Customized Employment Project

Blog on Customized Employment from LEAD Center

Customized Employment Tactics: Increasing Employment Opportunities by Job Developing Up the Supply Chain

By: Cary Griffin on September 27, 2013

Customized Employment (CE) represents a new service strategy choice for American Job Centers (AJCs) and their vendors. CE represents an opportunity to better serve AJC customers with complex barriers to work. CE is an especially useful tool for Workforce agencies operating U.S. Department of Labor-funded Disability Employment Initiatives (DEI), showcasing innovative methods of employment development. Of particular importance to AJCs and their vendors is Customized Employment’s departure from using traditional competitive employment strategies when approaching the labor market.

Customized employment is defined by the U.S. Department of Labor’s Office of Disability Employment Policy (ODEP) as a means of individualizing the employment relationship between employees and employers in ways that meet the needs of both. It is based on an individualized determination of the strengths, needs and interests of the person with a disability, and is also designed to meet the specific needs of the employer. It may include employment developed through job carving, self-employment or entrepreneurial initiatives, or other job development or restructuring strategies that result in job responsibilities being customized and individually negotiated to fit the needs of individuals with disabilities. Customized employment assumes the provision of reasonable accommodations and supports necessary for the individual to perform the functions of a job that is individually negotiated and developed (Federal Register, June 26, 2002, Vol. 67. No. 123 pp 43154 -43149).

Practitioners of CE recognize the job seeker as the locus of job development information, and not the labor market. In other words, the employment process takes into account the person’s overall vocational desires, skills, interests and match to a worksite’s culture and demands. An individualized vocational profile, derived from functional information about the person’s work qualities, drives job development. For some systems, the CE approach is a departure from seeking job orders or searching for available openings; however, these more traditional approaches do not always work well for people with disabilities.

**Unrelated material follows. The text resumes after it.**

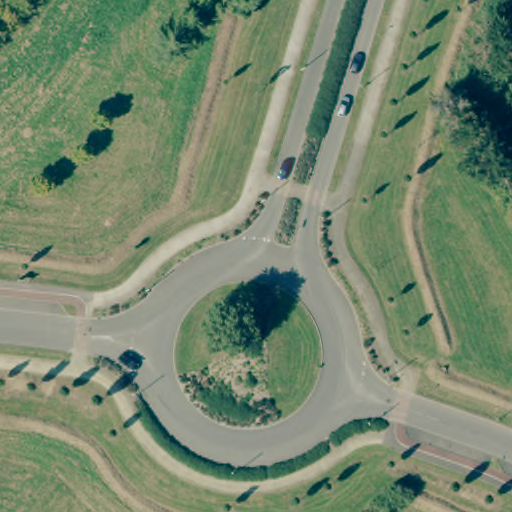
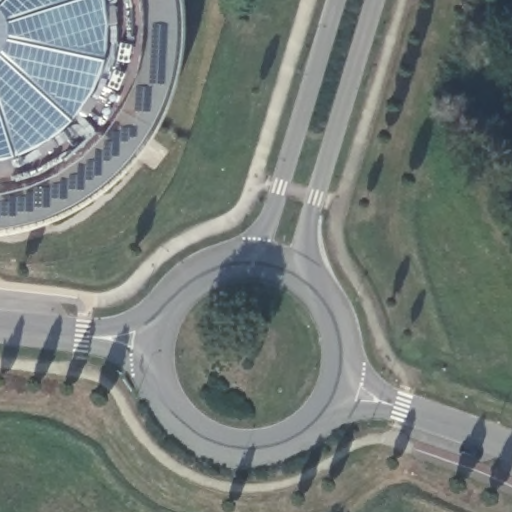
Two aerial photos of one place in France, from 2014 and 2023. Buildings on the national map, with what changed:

Today, many people with disabilities, who have little to no work history, find themselves directed to entry-level positions. This is how most of us start out in the working world. However, years of experience indicate that haphazard job matches lead to worker dissatisfaction and high job loss rates. Addressing this issue by determining a proper career starting point reduces costs and increases customer (i.e., job seeker and employer) satisfaction. Often it is assumed that job seekers enter the world of work by taking whatever the market offers in the way of work. But CE is rooted in a different philosophy. CE recognizes that when matched to an environment where workers share similar interests, natural training and mentorship are more likely to occur. Bypassing rigorous human resources screening measures pervasive in larger companies, and approaching very small companies that operate less formally, often with the owner making the hiring decisions, creates opportunities for skill building and career advancement.

Looking back on our first jobs, we may recognize that employers hired us despite our lack of experience and skills, but saw in us a willingness to learn, to show up and to contribute. Though our life’s work may not have been milking cows or waiting tables, our employers paid us while they trained us. Sometimes these entry-level jobs actually represented the start of our careers. Those of us interested in automotive pursuits may have sought out jobs at car washes, while those of us interested in education and children became camp counselors. There are unlimited ways to make a living and CE allows us to create opportunities in the weakest economies and even for those of us with underdeveloped skills or little work history.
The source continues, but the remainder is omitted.